_What the exercise asks_: Copy the records below exactly, but leave out any picture they contain.
═════ Task material ═════
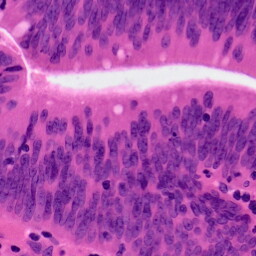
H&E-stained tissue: Colon
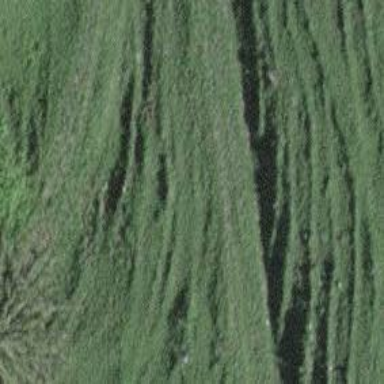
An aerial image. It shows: Grassy track with grade5 tracktype.
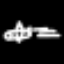
Label: airplane
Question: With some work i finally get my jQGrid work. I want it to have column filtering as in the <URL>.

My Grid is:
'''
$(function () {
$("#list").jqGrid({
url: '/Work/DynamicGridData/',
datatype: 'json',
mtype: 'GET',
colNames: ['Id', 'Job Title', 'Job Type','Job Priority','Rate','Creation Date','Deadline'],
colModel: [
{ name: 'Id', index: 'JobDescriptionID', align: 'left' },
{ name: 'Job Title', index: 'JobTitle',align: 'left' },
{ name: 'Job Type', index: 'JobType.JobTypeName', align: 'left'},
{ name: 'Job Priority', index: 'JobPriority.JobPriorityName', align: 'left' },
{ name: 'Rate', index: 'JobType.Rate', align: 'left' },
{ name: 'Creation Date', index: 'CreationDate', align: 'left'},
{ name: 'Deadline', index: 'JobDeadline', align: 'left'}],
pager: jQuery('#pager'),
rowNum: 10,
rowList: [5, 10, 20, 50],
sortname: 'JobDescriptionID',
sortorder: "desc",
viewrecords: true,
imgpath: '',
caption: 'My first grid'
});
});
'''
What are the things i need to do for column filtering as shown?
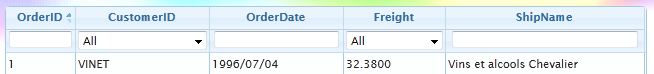
Answer: To add the toolbar search you need to first declare that the grid will have the toolbar by doing this:
'''
$("#list").jqGrid('filterToolbar', options);
'''
Options is an object containing different configuration settings, and you can see a list of available options <URL>.
The type of search filter that is displayed then depends on what you select as part of your column model. The options available are <URL>.
The demos you are linking to are for the Paid Wrapper version of the jqGrid, however your code appears to be the standard free version of the the grid which is what my answer is based on. If you want to see demos for the free version then this <URL> has plenty. The filter toolbar is demoed under:
'New in version 3.7 -> Tooolbar search'
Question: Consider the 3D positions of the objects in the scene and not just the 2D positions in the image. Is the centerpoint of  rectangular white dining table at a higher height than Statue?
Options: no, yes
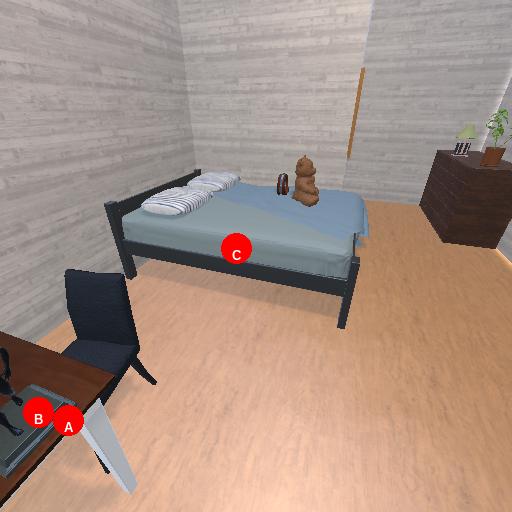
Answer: no
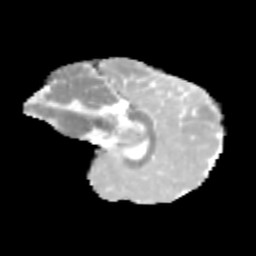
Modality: MD
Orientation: sagittal
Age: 9
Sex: female
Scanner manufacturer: siemens
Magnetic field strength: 3 T
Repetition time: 3.8 s
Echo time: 0.07 s
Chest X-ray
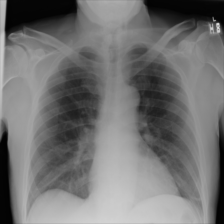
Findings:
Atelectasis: negative
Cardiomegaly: negative
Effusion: negative
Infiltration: negative
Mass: negative
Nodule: negative
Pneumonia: negative
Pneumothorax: negative
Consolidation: negative
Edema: negative
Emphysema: negative
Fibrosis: negative
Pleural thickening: negative
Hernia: negative
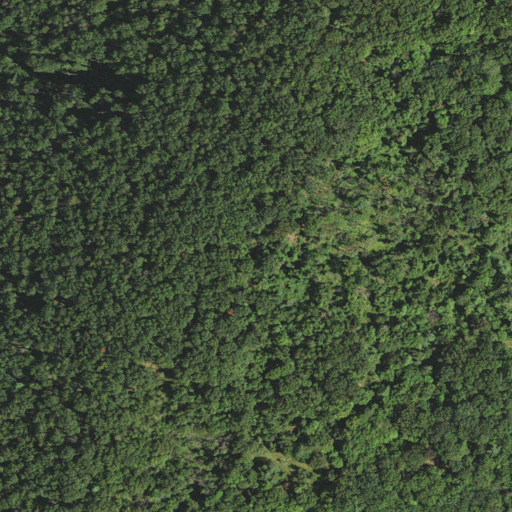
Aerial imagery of mountain in Virginia named Supin Lick Mountain containing deciduous forest, grassland, and mixed forest
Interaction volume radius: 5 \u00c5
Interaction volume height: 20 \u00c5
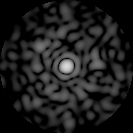
Disorder parameter: 0.8557
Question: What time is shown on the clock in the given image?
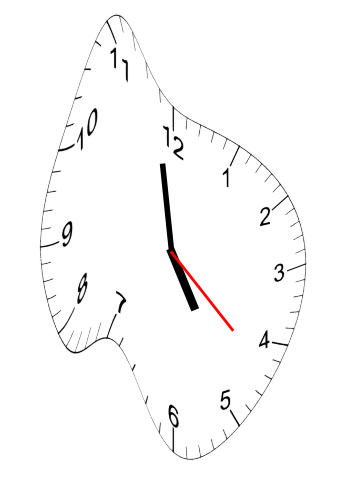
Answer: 04:58:22
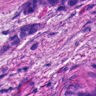
Metastatic tissue present: yes
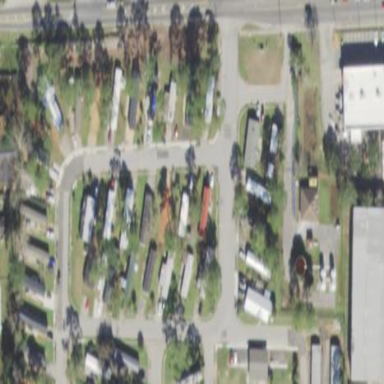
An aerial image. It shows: Residential area known as trailer park.
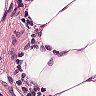
Metastatic tissue present: no
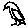
Label: bird
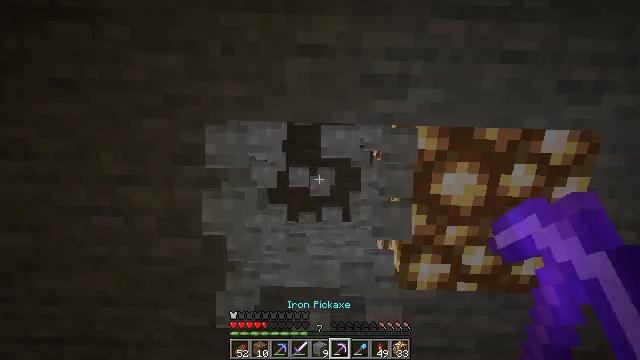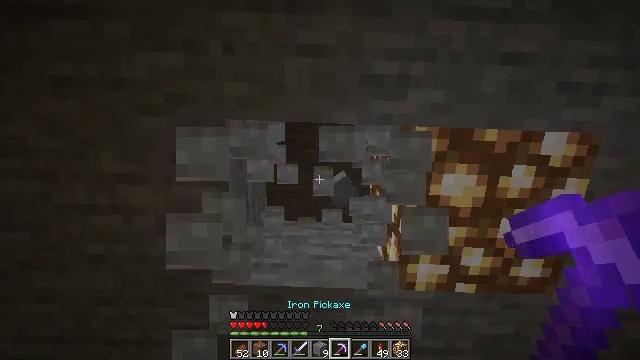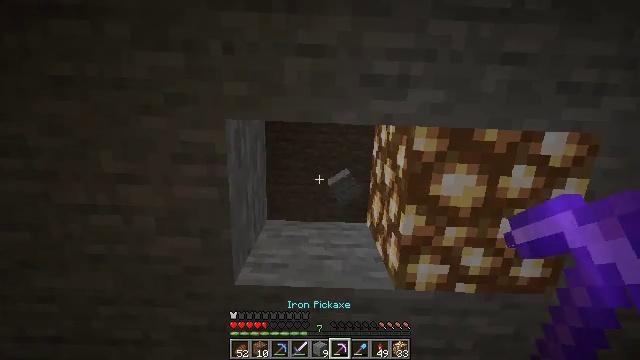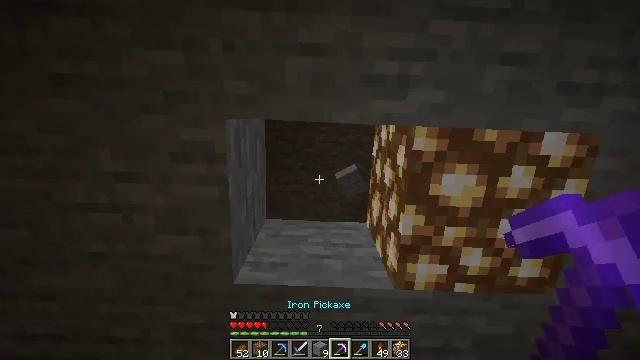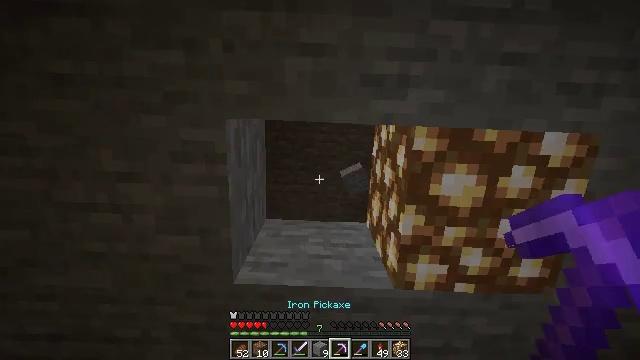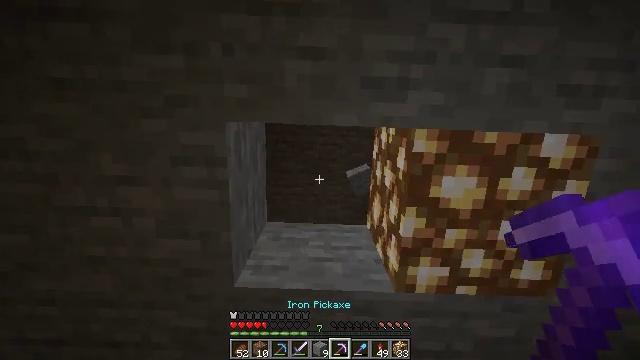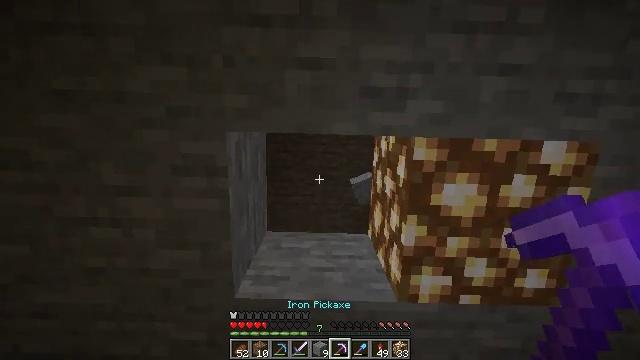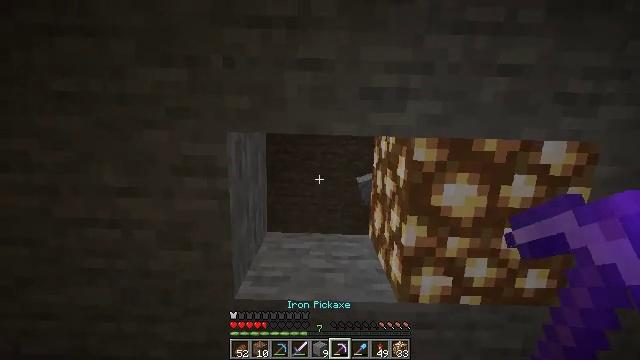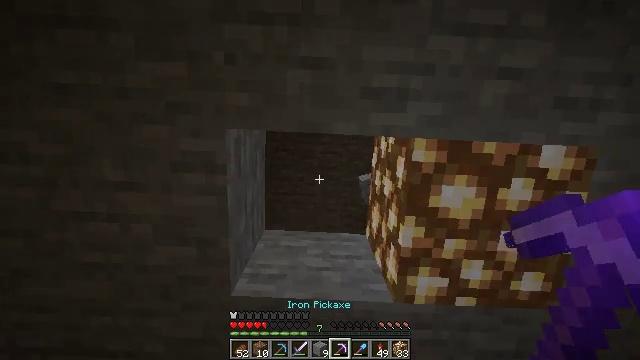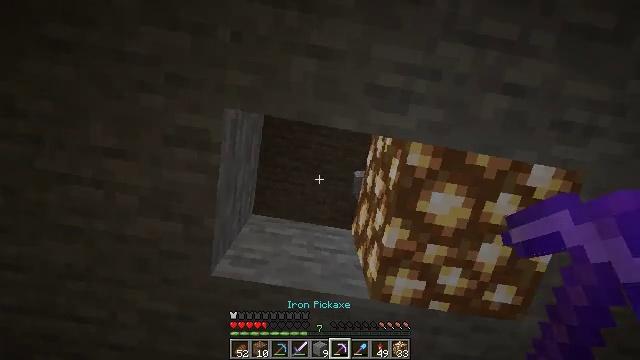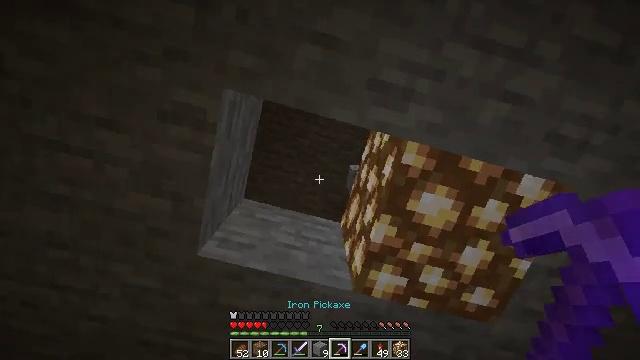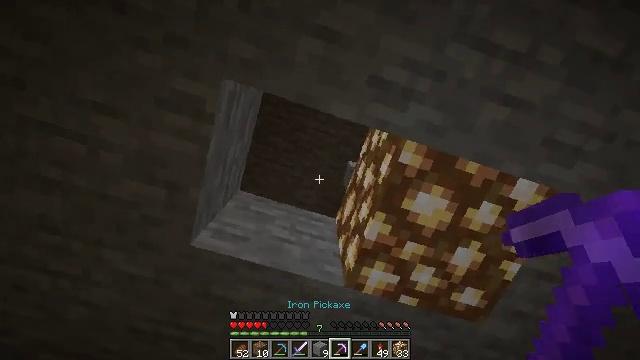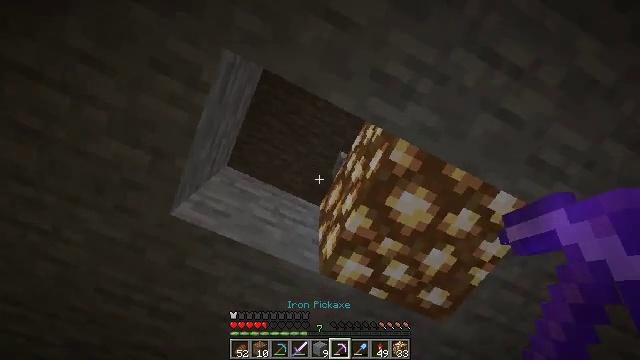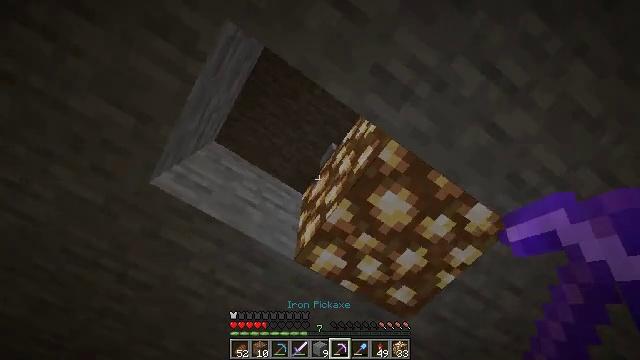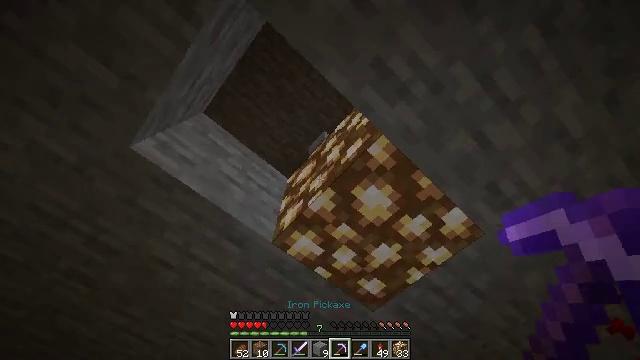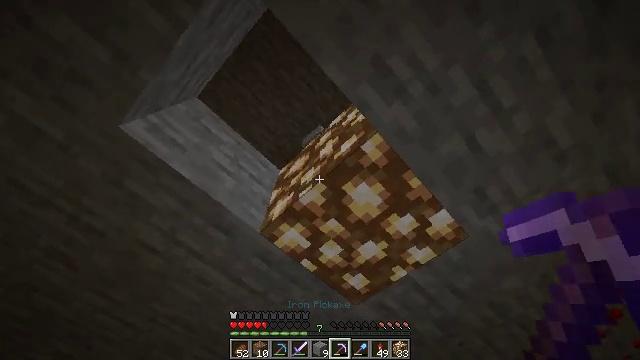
═════
_Written response_:
H&E-stained tissue: Colon
An aerial image. It shows: Grassy track with grade5 tracktype.
Label: airplane
Question: With some work i finally get my jQGrid work. I want it to have column filtering as in the <URL>.

My Grid is:
'''
$(function () {
$("#list").jqGrid({
url: '/Work/DynamicGridData/',
datatype: 'json',
mtype: 'GET',
colNames: ['Id', 'Job Title', 'Job Type','Job Priority','Rate','Creation Date','Deadline'],
colModel: [
{ name: 'Id', index: 'JobDescriptionID', align: 'left' },
{ name: 'Job Title', index: 'JobTitle',align: 'left' },
{ name: 'Job Type', index: 'JobType.JobTypeName', align: 'left'},
{ name: 'Job Priority', index: 'JobPriority.JobPriorityName', align: 'left' },
{ name: 'Rate', index: 'JobType.Rate', align: 'left' },
{ name: 'Creation Date', index: 'CreationDate', align: 'left'},
{ name: 'Deadline', index: 'JobDeadline', align: 'left'}],
pager: jQuery('#pager'),
rowNum: 10,
rowList: [5, 10, 20, 50],
sortname: 'JobDescriptionID',
sortorder: "desc",
viewrecords: true,
imgpath: '',
caption: 'My first grid'
});
});
'''
What are the things i need to do for column filtering as shown?
Answer: To add the toolbar search you need to first declare that the grid will have the toolbar by doing this:
'''
$("#list").jqGrid('filterToolbar', options);
'''
Options is an object containing different configuration settings, and you can see a list of available options <URL>.
The type of search filter that is displayed then depends on what you select as part of your column model. The options available are <URL>.
The demos you are linking to are for the Paid Wrapper version of the jqGrid, however your code appears to be the standard free version of the the grid which is what my answer is based on. If you want to see demos for the free version then this <URL> has plenty. The filter toolbar is demoed under:
'New in version 3.7 -> Tooolbar search'
Question: Consider the 3D positions of the objects in the scene and not just the 2D positions in the image. Is the centerpoint of  rectangular white dining table at a higher height than Statue?
Options: no, yes
Answer: no
Modality: MD
Orientation: sagittal
Age: 9
Sex: female
Scanner manufacturer: siemens
Magnetic field strength: 3 T
Repetition time: 3.8 s
Echo time: 0.07 s
Chest X-ray
Findings:
Atelectasis: negative
Cardiomegaly: negative
Effusion: negative
Infiltration: negative
Mass: negative
Nodule: negative
Pneumonia: negative
Pneumothorax: negative
Consolidation: negative
Edema: negative
Emphysema: negative
Fibrosis: negative
Pleural thickening: negative
Hernia: negative
Aerial imagery of mountain in Virginia named Supin Lick Mountain containing deciduous forest, grassland, and mixed forest
Interaction volume radius: 5 \u00c5
Interaction volume height: 20 \u00c5
Disorder parameter: 0.8557
Question: What time is shown on the clock in the given image?
Answer: 04:58:22
Metastatic tissue present: yes
An aerial image. It shows: Residential area known as trailer park.
Metastatic tissue present: no
Label: bird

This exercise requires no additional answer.